Depression Attitude Questionnaire [22] and items from a pool of attitude-based questions derived using the same process described above. An example of an item from this scale is, “It is important that carers spend time with patients discussing how they are coping psychologically”. Responses are measured on a five-point Likert scale ranging from ‘strongly disagree’ to ‘strongly agree’. 3. Self-efficacy in dilution calculator detecting and managing depression. This 16-item questionnaire was adapted to the palliative care setting

from a scale originally developed to assess the self-efficacy Inhibitors,research,lifescience,medical of care staff in working with depression in the aged care sector [17]. An example of an item from this scale is, “In knowing when it might be time to raise concerns about a patient who might be depressed, I feel…”. Responses are measured on a four-point Likert scale ranging from ‘not at all confident’ to ‘very confident’. 4. Barriers Inhibitors,research,lifescience,medical to detecting and managing depression. This 12-item questionnaire will be used to assess staff members’ perceived barriers to detecting Inhibitors,research,lifescience,medical depression and providing care for depressed patients and their family members.

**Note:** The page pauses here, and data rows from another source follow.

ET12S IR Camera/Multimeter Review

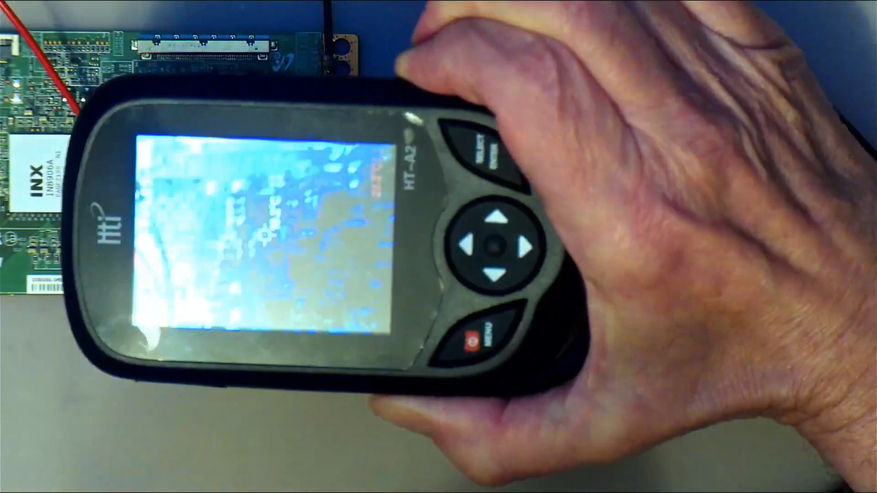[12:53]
As you can see, you can, it's got a much higher resolution, of course, and it has a camera mode in it. So it overlays the actual real image onto the, if I turn on the light, you'll probably see it. It's better. So you can actually, this is actually just using its camera.
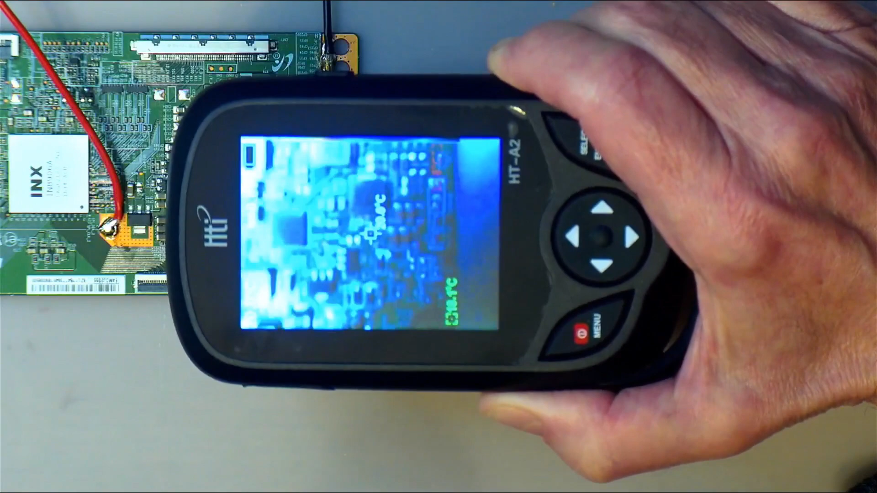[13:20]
And if you push this button over here, you bring in the, in different, you can overlay the actual IR portion of the camera. And so you can actually see, and there's different, uh, levels, this is less. And now it is nearly all IR camera. So you push it until, you usually have it in that mode here.
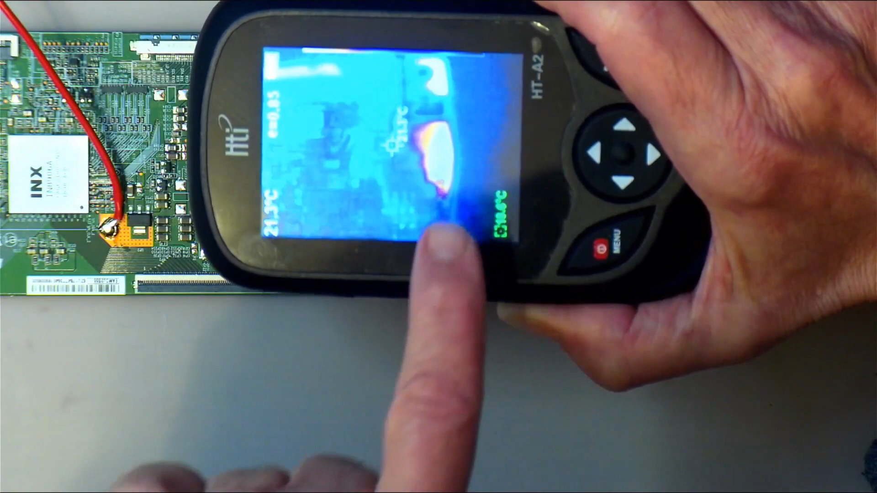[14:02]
So I can actually see the components as well as the IR mode. And, um, again, see, there it is. If I turn it off, you'll see. Fades out. Turn it on.
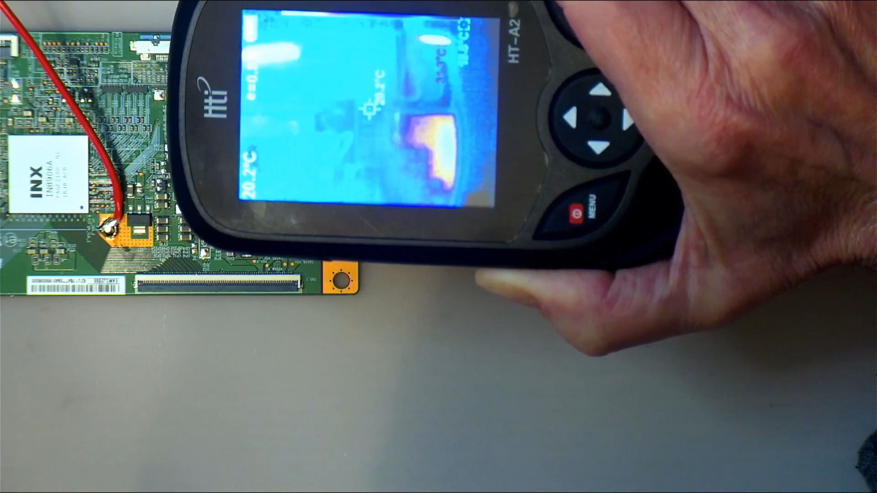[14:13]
So that's the, um, on this board.
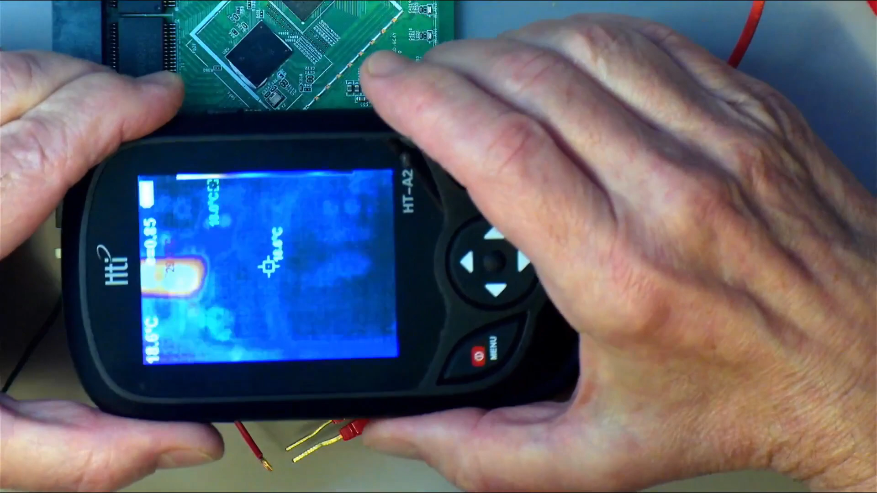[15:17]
you see, again, you got, um, something there that would appear to be,
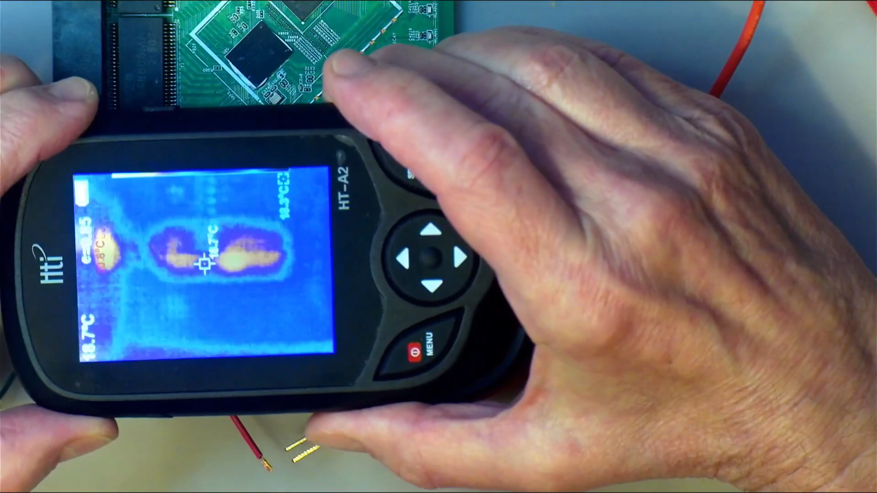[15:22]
let me put it up a bit, appear to be hot.
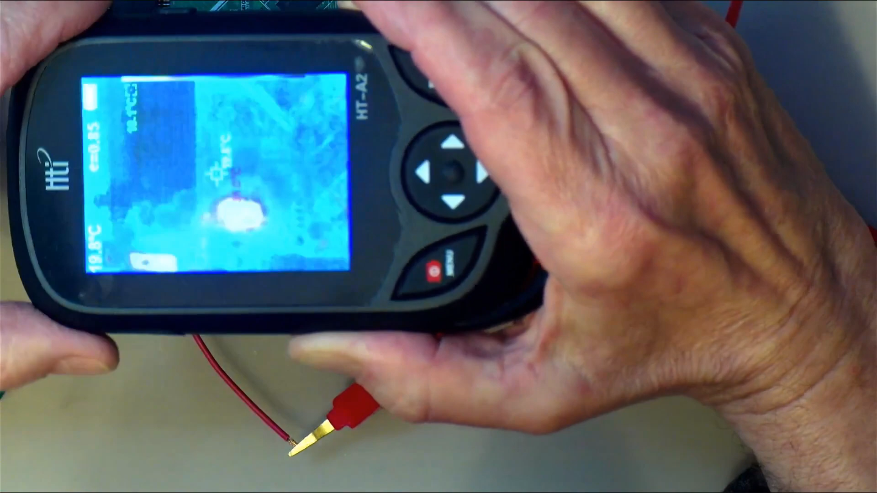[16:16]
Let's see if I can stop the reflection on the screen a bit. Turn it off. It's hard to get a, uh, a clear image on this thing,
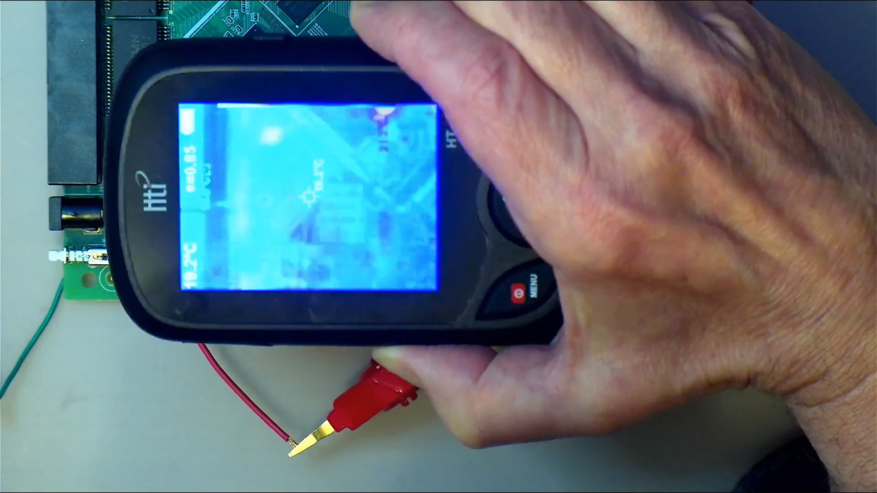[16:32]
on this, um, let me see if I can get the camera a little bit clearer. Okay, that's probably a little better here.
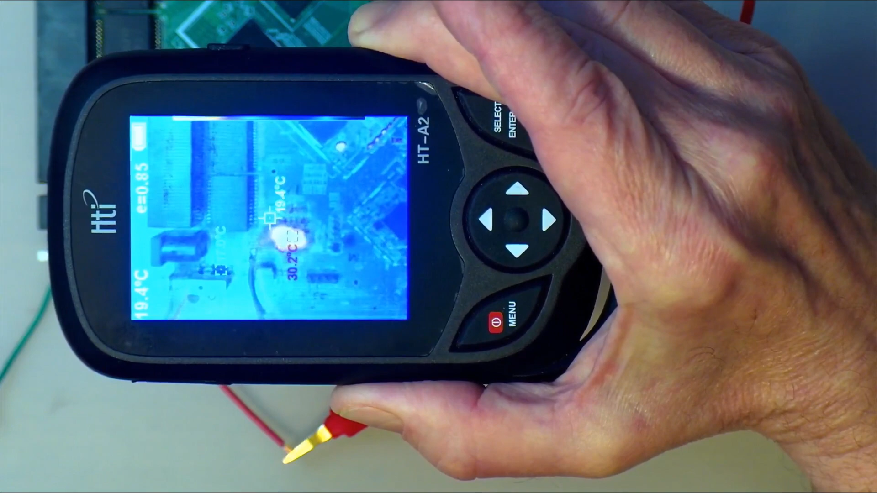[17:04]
So immediately the pointer goes to at 30 degrees and up. So now let's try the ET12 and we'll see the difference.
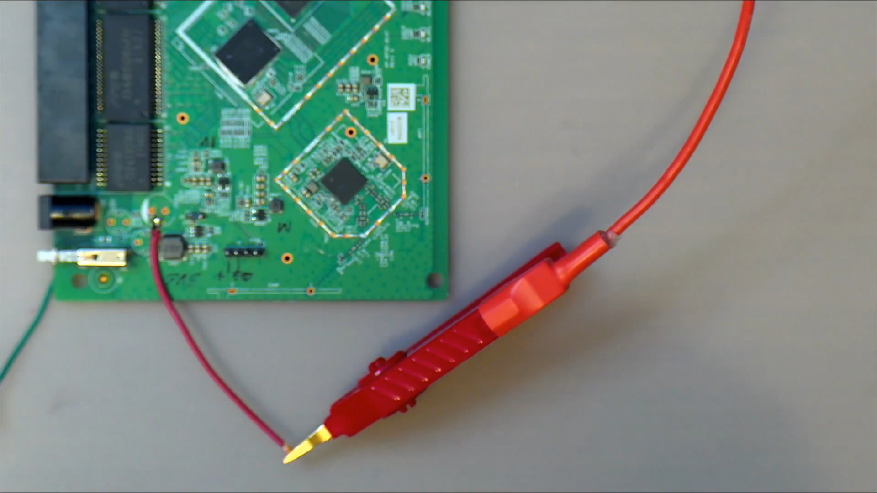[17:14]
Okay,
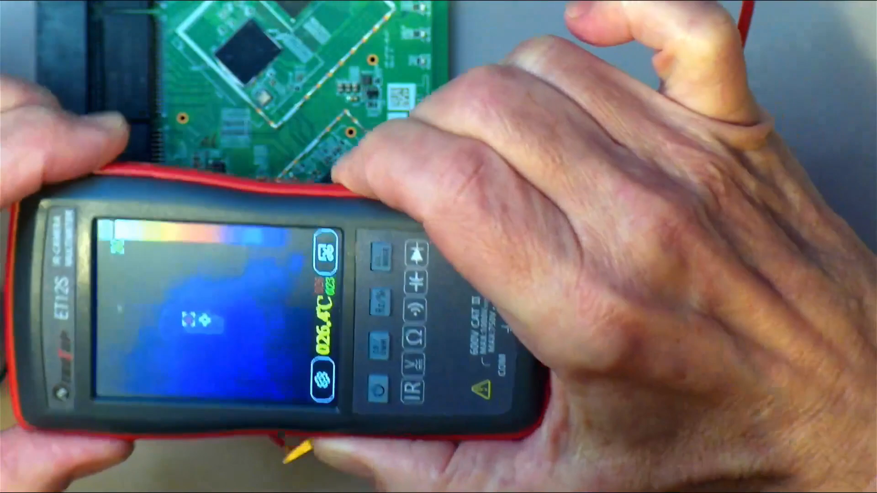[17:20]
Let me try to have it so it's not

The items from this scale were constructed from a pool of items created by the researchers and based on the barriers to detection and Inhibitors,research,lifescience,medical management of depression identified in the literature review and needs analysis. An example of an item from this scale is, “The stigma associated

with depression makes it difficult to talk about such issues with patients and family members”. Responses are measured on a four-point Likert scale ranging from ‘strongly disagree’ to ‘strongly agree’. Semi-structured interviews will be conducted at the three AV-951 month follow-up with groups of care staff who have participated in the training program to obtain their feedback on the program and how it may have impacted on their practices and level of knowledge, views, self-efficacy and perceived barriers towards working with depression among their patients. These interviews will supplement the data collected in the quantitative measures by gathering more in-depth information and providing a forum for staff to advise on aspects of the training program which they found particularly helpful or informative, aspects that may benefit from further refinement, or by providing other information that may not be captured in the measures.